Bellona underscored at Friday’s workshop that it is important to choose the right type of biomass production that doesn´t conflict with forest preservation or food production.

New study on potential

Joris Koornef from the Dutch research institute Ecofys was at the workshop presenting a study on the potential for bio-CCS. The report, which is nearly complete will conclude that the technology provides enormous opportunities, but points to economic challenges. A central prerequisite for putting bio-CCS into wide use is that CO2 emissions carry a high price.

“Theoretically, it may eventually be possible to remove 10 Gt of CO2 each year with bio-CCS,” Koornef told Bellona Web.

That would correspond to a third of the emissions from fossil fuels: The use of coal, oil and gas put emissions at around 30 Gt per year.

Politicians must be informed

Bellona has been working with bio-CCS for several years, but this solution is not yet particularly well known.

Tim Dixon, who works for the Global CCS Institute and the International Energy Agency’s Greenhouse Gas Programme (the IEA GHG Programme), told the workshop that climate policy has been developed without the knowledge that carbon negative solutions exist.

“Policy, laws, regulations and incentives have been established without regard to bio-CCS,” said Dixon. “Therefore, policymakers  need to be aware and informed.”

CO2 capture and storage  was included for the first time in a recently revised directive for the EU emissions trading system (ETS).

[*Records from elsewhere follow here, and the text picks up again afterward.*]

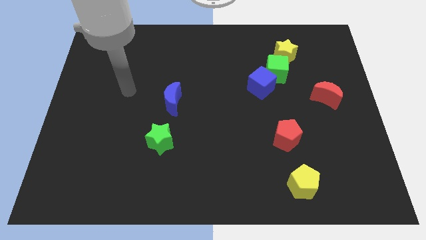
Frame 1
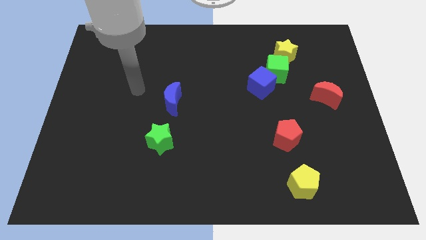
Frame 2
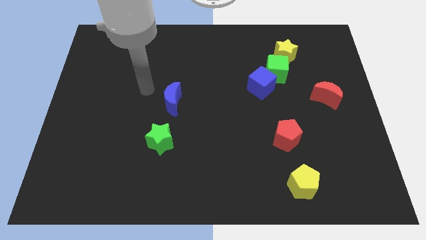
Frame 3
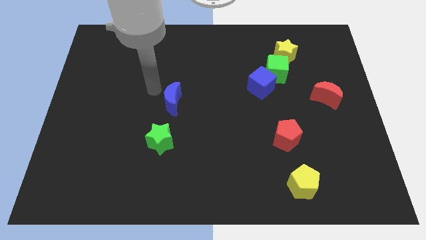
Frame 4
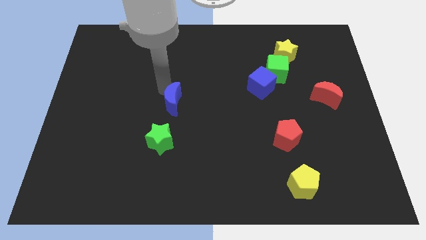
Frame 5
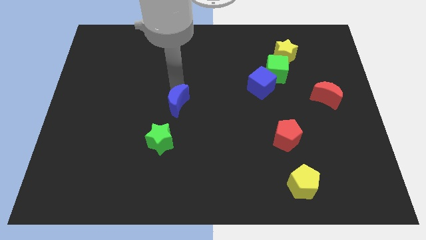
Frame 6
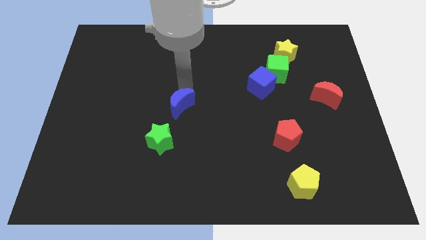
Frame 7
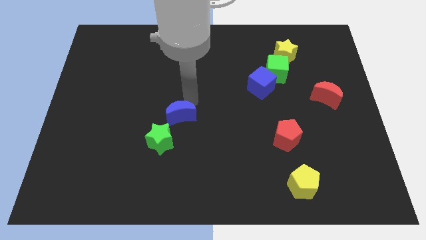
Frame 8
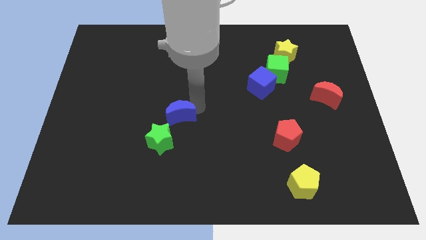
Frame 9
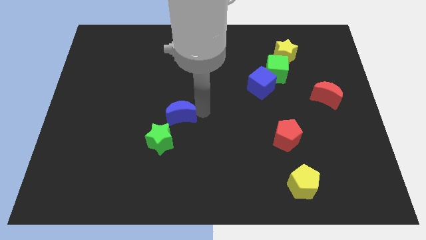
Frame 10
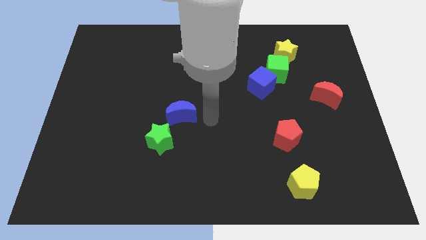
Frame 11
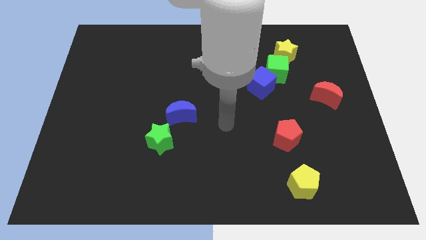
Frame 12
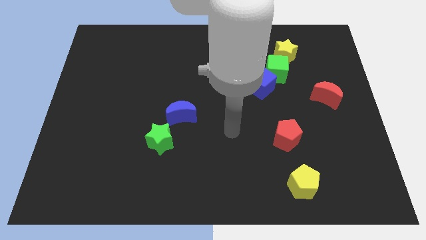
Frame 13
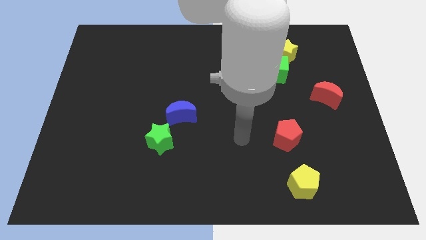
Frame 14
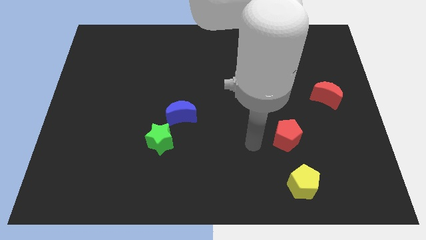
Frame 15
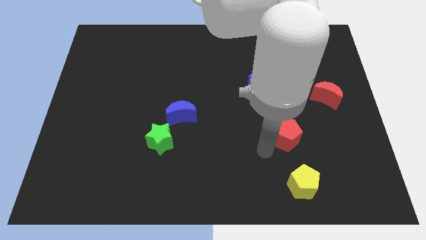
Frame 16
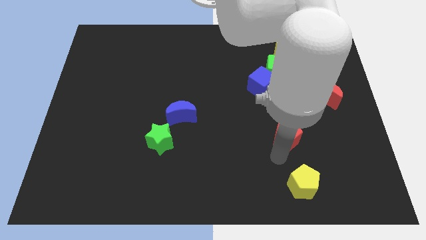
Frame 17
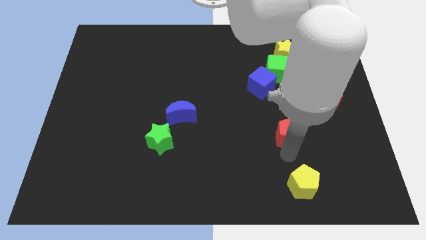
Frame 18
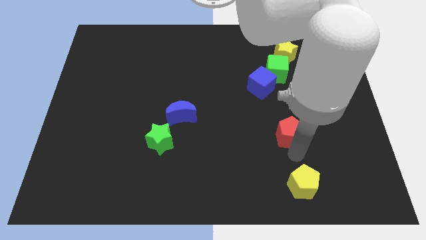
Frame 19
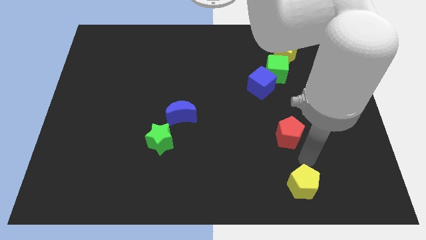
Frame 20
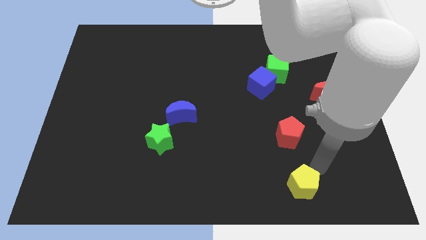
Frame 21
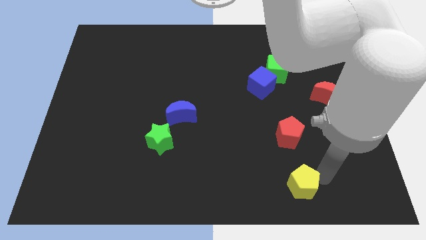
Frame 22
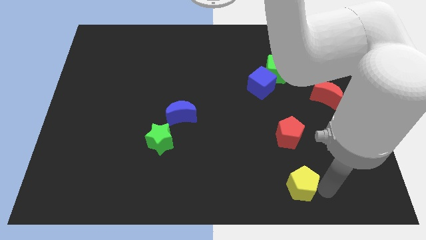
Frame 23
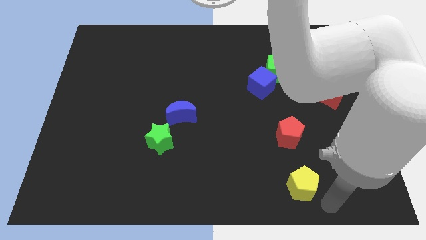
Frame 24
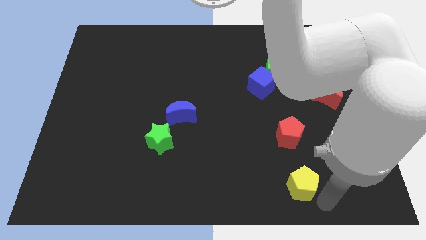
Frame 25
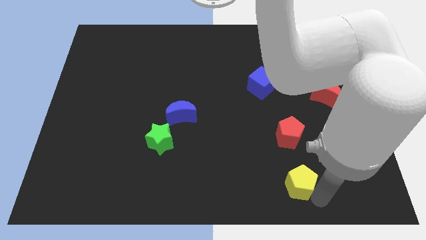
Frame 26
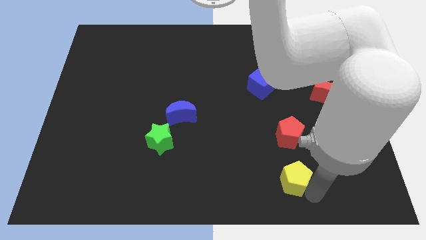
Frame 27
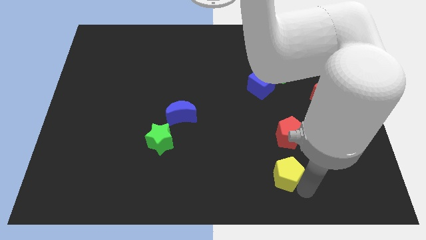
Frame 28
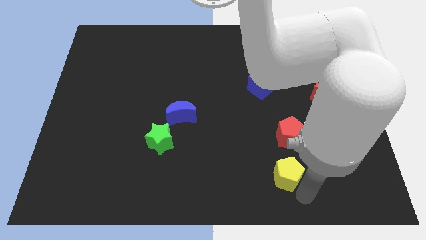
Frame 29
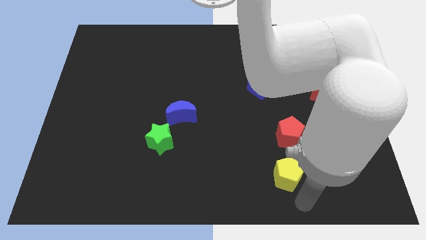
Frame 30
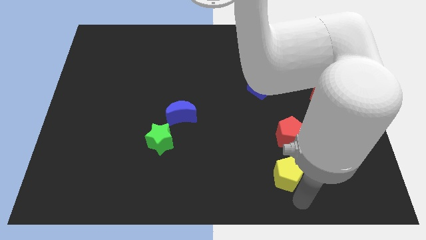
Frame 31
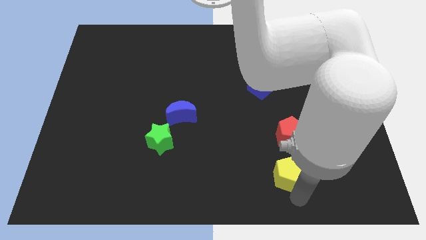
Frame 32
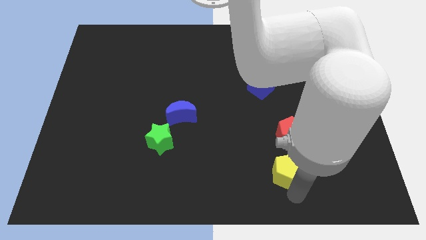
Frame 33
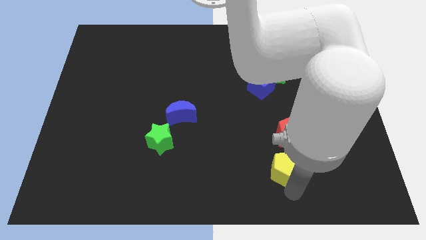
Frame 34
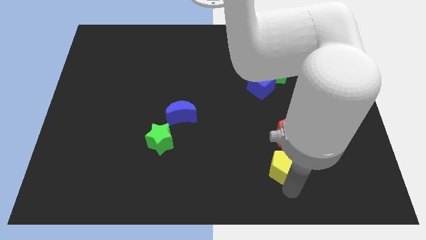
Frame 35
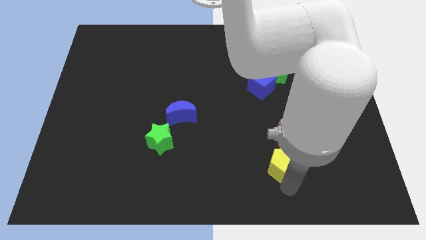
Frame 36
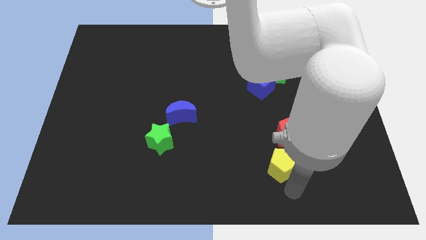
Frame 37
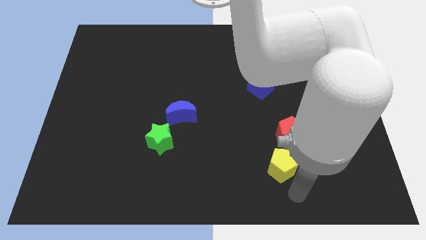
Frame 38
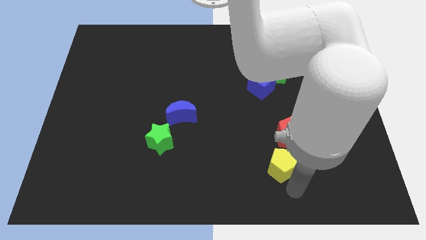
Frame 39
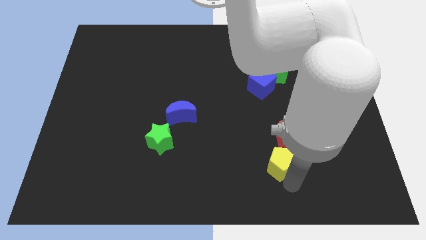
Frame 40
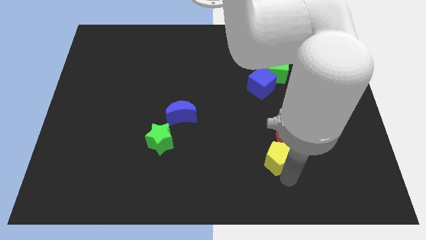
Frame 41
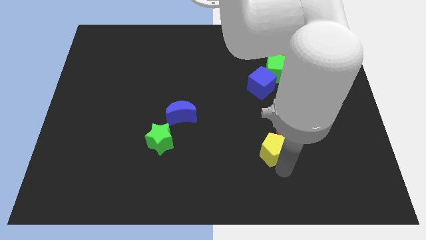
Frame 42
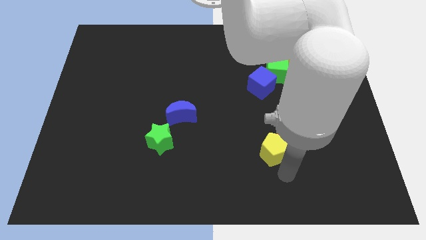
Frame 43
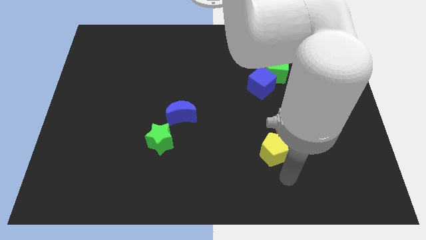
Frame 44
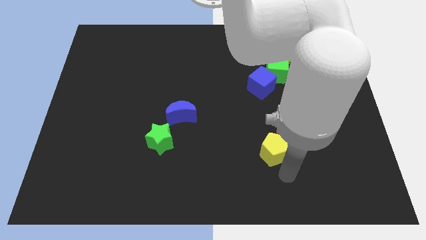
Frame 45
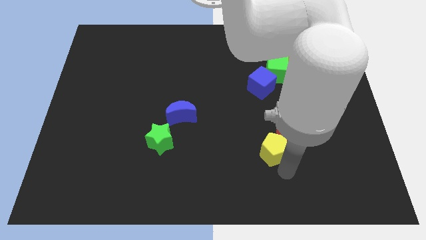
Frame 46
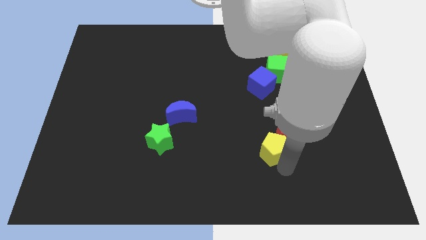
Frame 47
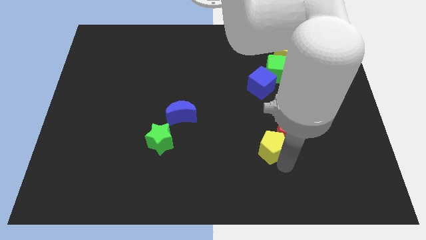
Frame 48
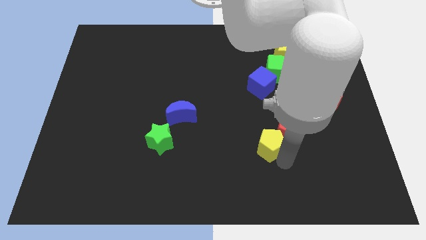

The quota system will provide rewards for reducing emissions, but there are no provisions for negative emissions. What tools should be used to promote bio-CCS in the future is therefore an important discussion.

A yes from the IPCC

The Intergovernmental Panel on Climate Change (IPCC) earlier this week held a meeting, or a side event, where the next major report from the panel was discussed.

Bellona’s Knudsen asked IPCC chairman Rajendra Pachauri whether carbon negative solutions, such as bio-CCS, would be a part of the climate measures in the new report. Both Pachauri and Dr. Ramon Picha-Madruga co-chair the group, which will look at mitigation solutions, confirmed that all possible solutions must be included.